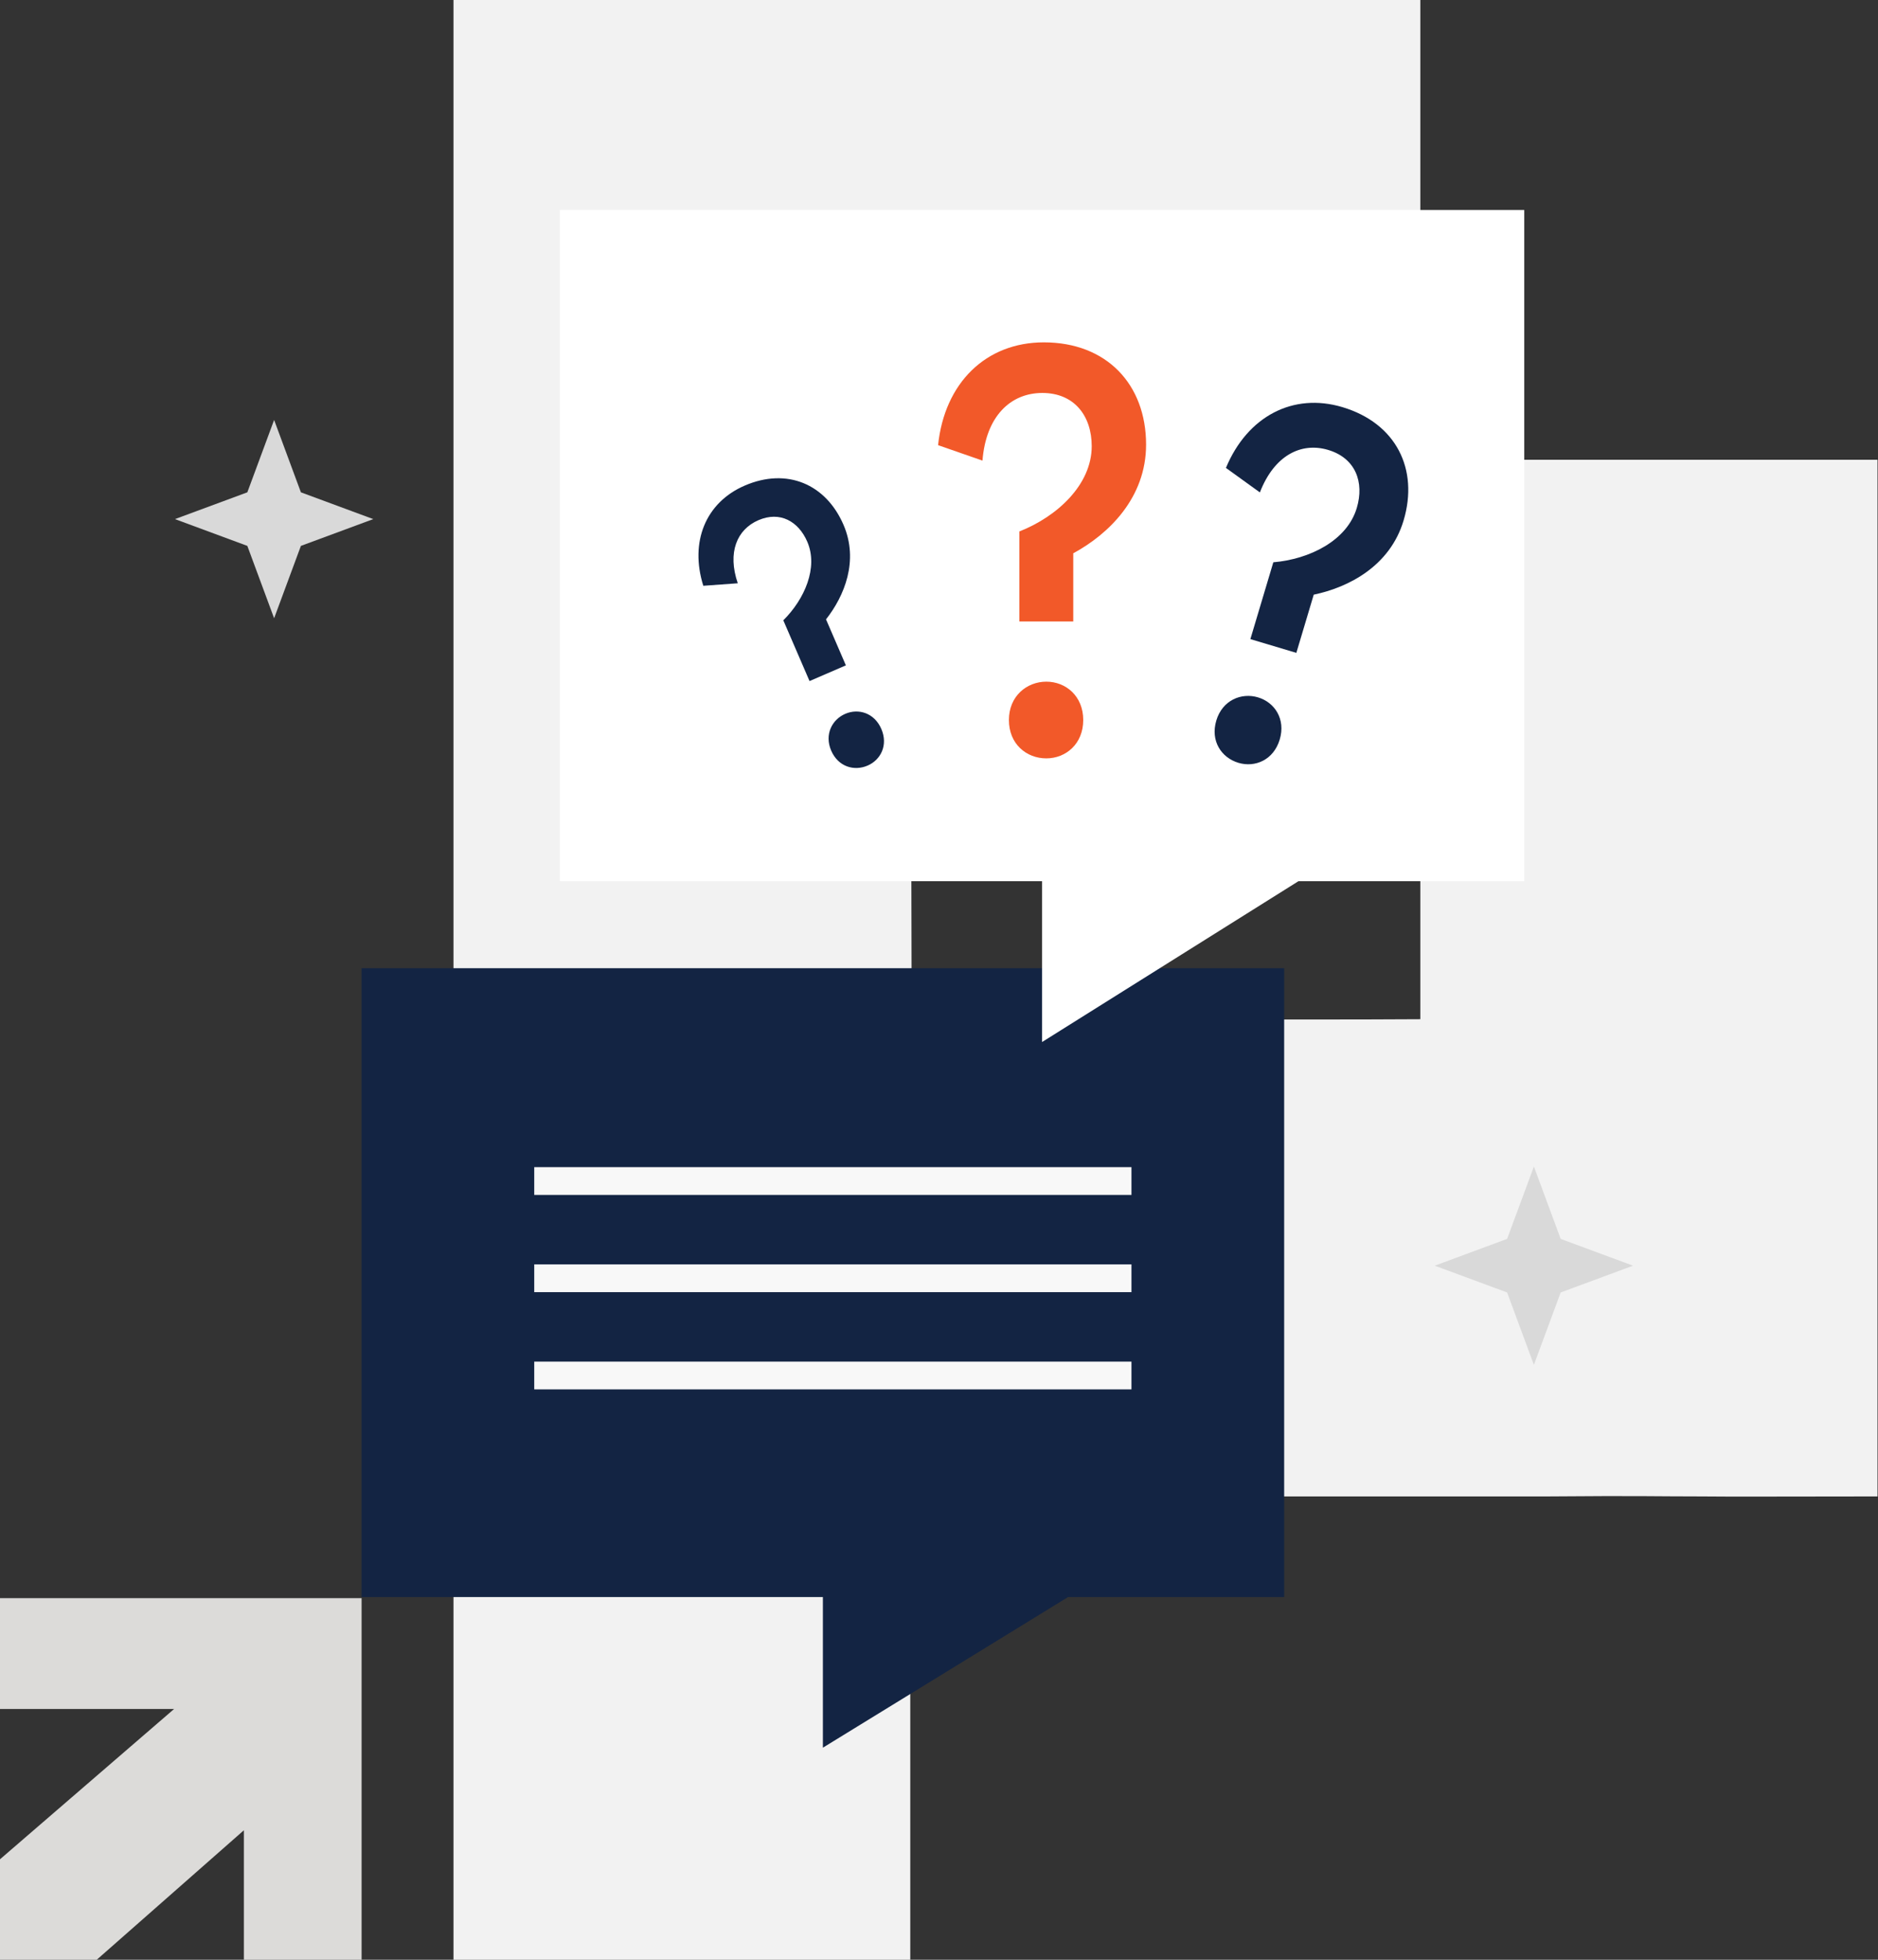 <?xml version="1.0" encoding="UTF-8"?>
<svg xmlns="http://www.w3.org/2000/svg" width="161" height="168" viewBox="0 0 161 168" fill="none">
  <rect x="0" y="0" width="161" height="168" fill="#333333" stroke="none"/>
  <path fill-rule="evenodd" clip-rule="evenodd" d="M121.765 39.414C118.364 39.347 108.024 39.381 102.457 39.414H78.054L78.156 87.371H102.321C108.193 87.405 116.452 87.405 121.765 87.371M121.765 0V39.414H160.958V57.347C160.958 68.046 160.958 118.94 160.958 128.28C151.651 128.28 149.406 128.314 145.903 128.28C141.74 128.28 140.844 128.212 132.62 128.28C121.62 128.28 120.073 128.28 116.689 128.28H78.037V168H38.878V0H97.718" fill="#F2F2F2"></path>
  <path d="M31 83H110.091V136.904H91.57L70.546 149.819V136.904H31V83Z" fill="#132443"></path>
  <path d="M48 18H130.674V75.541H111.314L89.337 89.327V75.541H48V18Z" fill="white"></path>
  <path d="M87.391 53.275V45.558C90.641 44.28 93.592 41.54 93.592 38.252C93.592 35.649 92.095 33.686 89.359 33.686C86.622 33.686 84.526 35.695 84.227 39.485L80.421 38.161C80.977 32.818 84.526 29.348 89.487 29.348C94.875 29.348 98.253 32.955 98.253 38.115C98.253 42.681 95.046 45.787 92.01 47.431V53.275H87.391ZM89.701 65.011C87.99 65.011 86.493 63.778 86.493 61.723C86.493 59.668 88.033 58.435 89.701 58.435C91.368 58.435 92.865 59.668 92.865 61.723C92.865 63.778 91.368 65.011 89.701 65.011Z" fill="#F25929"></path>
  <path d="M107.194 54.788L109.161 48.202C112.261 47.939 115.478 46.353 116.316 43.547C116.98 41.326 116.203 39.269 113.867 38.571C111.532 37.873 109.231 39.054 108.009 42.212L105.099 40.111C106.936 35.693 110.849 33.636 115.083 34.901C119.681 36.275 121.645 40.215 120.329 44.619C119.165 48.516 115.636 50.348 112.626 50.977L111.135 55.966L107.194 54.788ZM106.172 65.393C104.712 64.957 103.75 63.523 104.273 61.769C104.797 60.015 106.426 59.355 107.849 59.781C109.272 60.206 110.235 61.64 109.711 63.394C109.187 65.147 107.596 65.818 106.172 65.393Z" fill="#132443"></path>
  <path d="M69.401 58.384L67.153 53.176C68.973 51.367 70.166 48.658 69.208 46.44C68.449 44.684 66.867 43.795 65.021 44.592C63.174 45.39 62.346 47.356 63.248 50L60.294 50.216C59.113 46.449 60.496 43.073 63.843 41.628C67.479 40.058 70.809 41.508 72.313 44.989C73.643 48.071 72.384 51.1 70.814 53.094L72.517 57.038L69.401 58.384ZM74.379 65.629C73.225 66.128 71.856 65.732 71.257 64.346C70.658 62.959 71.338 61.678 72.463 61.193C73.588 60.707 74.957 61.102 75.556 62.489C76.155 63.876 75.504 65.144 74.379 65.629Z" fill="#132443"></path>
  <rect x="45.8" y="100.053" width="51.2" height="2.381" fill="#F8F8F8"></rect>
  <rect x="45.8" y="108.388" width="51.2" height="2.381" fill="#F8F8F8"></rect>
  <rect x="45.8" y="116.723" width="51.2" height="2.381" fill="#F8F8F8"></rect>
  <path d="M0 137H31V168H20.907V156.898L8.291 168H0V159.386L14.924 146.503H0V137Z" fill="#DCDBD9"></path>
  <path d="M131.5 100L133.796 106.204L140 108.5L133.796 110.796L131.5 117L129.204 110.796L123 108.5L129.204 106.204L131.5 100Z" fill="#D9D9D9"></path>
  <path d="M23.5 36L25.796 42.204L32 44.5L25.796 46.796L23.5 53L21.204 46.796L15 44.5L21.204 42.204L23.5 36Z" fill="#D9D9D9"></path>
</svg>

_ _ _ _

## THE PROBLEM
Each record must be repeated verbatim, and no picture may appear in the copy.

## SOLUTION TO THIS EXERCISE
 <?xml version="1.0" encoding="UTF-8"?>
<svg xmlns="http://www.w3.org/2000/svg" width="161" height="168" viewBox="0 0 161 168" fill="none">
  <rect x="0" y="0" width="161" height="168" fill="#333333" stroke="none"/>
  <path fill-rule="evenodd" clip-rule="evenodd" d="M121.765 39.414C118.364 39.347 108.024 39.381 102.457 39.414H78.054L78.156 87.371H102.321C108.193 87.405 116.452 87.405 121.765 87.371M121.765 0V39.414H160.958V57.347C160.958 68.046 160.958 118.94 160.958 128.28C151.651 128.28 149.406 128.314 145.903 128.28C141.74 128.28 140.844 128.212 132.62 128.28C121.62 128.28 120.073 128.28 116.689 128.28H78.037V168H38.878V0H97.718" fill="#F2F2F2"></path>
  <path d="M31 83H110.091V136.904H91.57L70.546 149.819V136.904H31V83Z" fill="#132443"></path>
  <path d="M48 18H130.674V75.541H111.314L89.337 89.327V75.541H48V18Z" fill="white"></path>
  <path d="M87.391 53.275V45.558C90.641 44.28 93.592 41.54 93.592 38.252C93.592 35.649 92.095 33.686 89.359 33.686C86.622 33.686 84.526 35.695 84.227 39.485L80.421 38.161C80.977 32.818 84.526 29.348 89.487 29.348C94.875 29.348 98.253 32.955 98.253 38.115C98.253 42.681 95.046 45.787 92.01 47.431V53.275H87.391ZM89.701 65.011C87.99 65.011 86.493 63.778 86.493 61.723C86.493 59.668 88.033 58.435 89.701 58.435C91.368 58.435 92.865 59.668 92.865 61.723C92.865 63.778 91.368 65.011 89.701 65.011Z" fill="#F25929"></path>
  <path d="M107.194 54.788L109.161 48.202C112.261 47.939 115.478 46.353 116.316 43.547C116.98 41.326 116.203 39.269 113.867 38.571C111.532 37.873 109.231 39.054 108.009 42.212L105.099 40.111C106.936 35.693 110.849 33.636 115.083 34.901C119.681 36.275 121.645 40.215 120.329 44.619C119.165 48.516 115.636 50.348 112.626 50.977L111.135 55.966L107.194 54.788ZM106.172 65.393C104.712 64.957 103.75 63.523 104.273 61.769C104.797 60.015 106.426 59.355 107.849 59.781C109.272 60.206 110.235 61.64 109.711 63.394C109.187 65.147 107.596 65.818 106.172 65.393Z" fill="#132443"></path>
  <path d="M69.401 58.384L67.153 53.176C68.973 51.367 70.166 48.658 69.208 46.44C68.449 44.684 66.867 43.795 65.021 44.592C63.174 45.39 62.346 47.356 63.248 50L60.294 50.216C59.113 46.449 60.496 43.073 63.843 41.628C67.479 40.058 70.809 41.508 72.313 44.989C73.643 48.071 72.384 51.1 70.814 53.094L72.517 57.038L69.401 58.384ZM74.379 65.629C73.225 66.128 71.856 65.732 71.257 64.346C70.658 62.959 71.338 61.678 72.463 61.193C73.588 60.707 74.957 61.102 75.556 62.489C76.155 63.876 75.504 65.144 74.379 65.629Z" fill="#132443"></path>
  <rect x="45.8" y="100.053" width="51.2" height="2.381" fill="#F8F8F8"></rect>
  <rect x="45.8" y="108.388" width="51.2" height="2.381" fill="#F8F8F8"></rect>
  <rect x="45.8" y="116.723" width="51.2" height="2.381" fill="#F8F8F8"></rect>
  <path d="M0 137H31V168H20.907V156.898L8.291 168H0V159.386L14.924 146.503H0V137Z" fill="#DCDBD9"></path>
  <path d="M131.5 100L133.796 106.204L140 108.5L133.796 110.796L131.5 117L129.204 110.796L123 108.5L129.204 106.204L131.5 100Z" fill="#D9D9D9"></path>
  <path d="M23.5 36L25.796 42.204L32 44.5L25.796 46.796L23.5 53L21.204 46.796L15 44.5L21.204 42.204L23.5 36Z" fill="#D9D9D9"></path>
</svg>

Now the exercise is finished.